Lucas thought he felt a vein pop out in his temple. “Aw, for Christ’s sakes.”
“Hey. She’s got the eye and she’s got the balls,” Carey said. “And she’s apparently got the source.”
“Aw, sweet bleedin’ Jesus,” Lucas said. “Where is she?”
“Downtown St. Paul, somewhere,” Carey said. “You’ve got her cell phone?”
“Yeah. Have you tried it?”
“No, because then she’d know that I was the one who told you,” Carey said. “I rather she didn’t know that.”
“Okay. Good-bye. Hey—thanks.”
LETTY ANSWERED on the third ring. “Hello, Dad?”
“Where are you?”
“Up at the Capitol,” Letty said. “The big march is about to start, there are about a million people, I’m watching these black-flag guys . . .”
“Go home,” Lucas said.
“What?”
“Go home. I’m going to call your mom to pick you up,” Lucas said.
“I’m on my bike,” Letty said. “But I can’t go right now.”
“Letty, go right now.”
After a long silence, Letty asked, “Who told you? Lois?”
“Just go home, Letty,” Lucas said.
“Bullshit. I’m going to march with my bike,” she said. “I might not ever get to do this again for the rest of my life. Then I’ll go home. I’m not with Juliet anymore.”
“Letty, goddamnit . . .”
“I’m turning off my phone,” she said, “Since you can’t seem to handle this in an adult manner.” She was gone.
THE WOMEN in Lucas’s life reduced him to a chattering-chipmunk state about once a month. If not Letty, then Weather; if not Weather, then Jennifer Carey, mother of his other daughter; if not Carey, then Elle Kruger, a nun and lifelong friend; if not her, then Carol, his secretary. They were, he sometimes thought, when he had time to think about it, all crazier than a barrel of hair. All of them together, and also taken as individuals. But this, he thought, took the everlasting triple-decker chocolate-fudge cake.

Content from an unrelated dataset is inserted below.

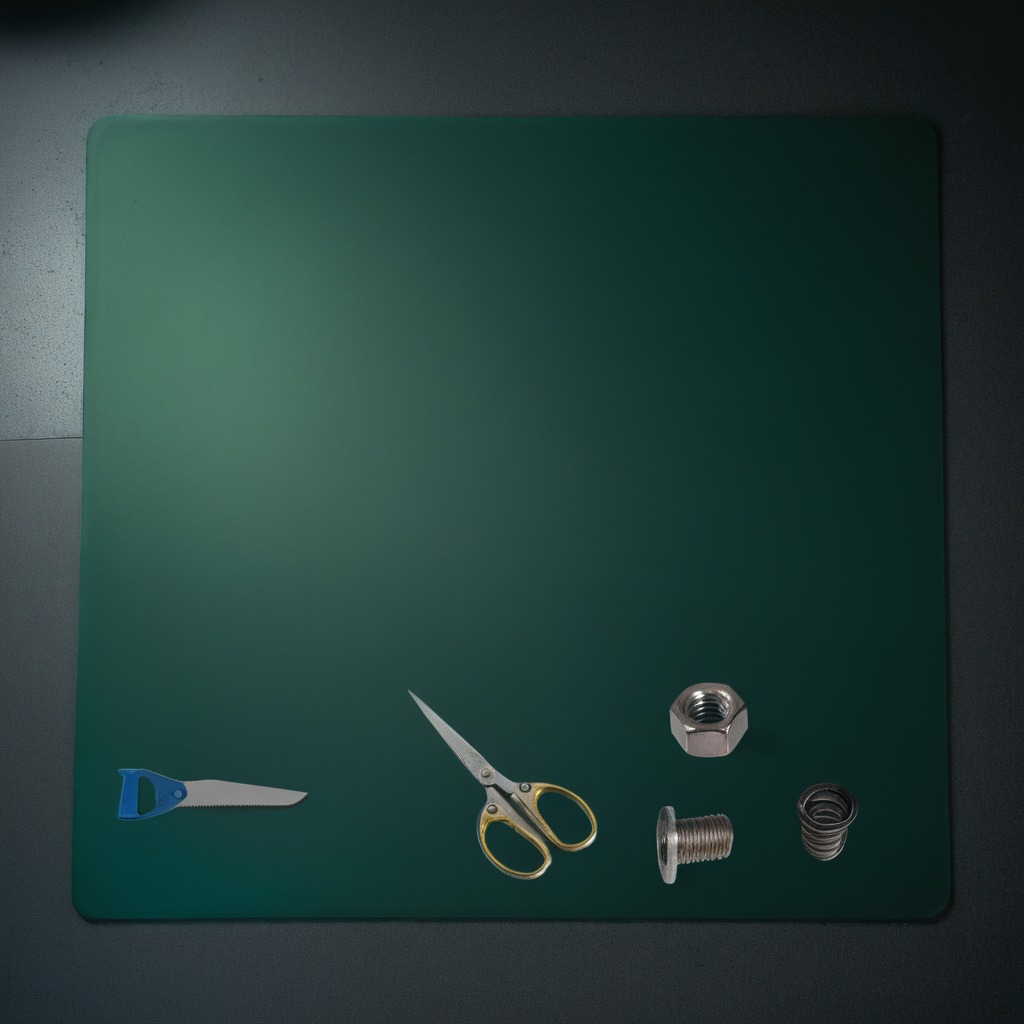
A metal machine screw, a coiled metal spring, a handheld metal saw, a metal nut, and a pair of scissors are lying on the clean granite tabletop covered with a green rubber mat inside a workshop at night.

He was already rolling into downtown Minneapolis, thinking about the best way to get turned around to head back to St. Paul, when it occurred to him that if he went back, he (a) wouldn’t find her in the crowd, and (b) if he found her, what would he do with her bike? He was driving a Porsche, and (c) if he did find her, would he try to force her into the car? Knowing Letty, she’d probably start screaming for help.
Well, maybe not that. She’d just be . . . disappointed in him and she’d probably cry. That would break his heart.
Besides, she said she wasn’t with the hooker anymore. She didn’t usually lie to him, though she did sometimes. She was the toughest kid he’d ever met, and also the most levelheaded.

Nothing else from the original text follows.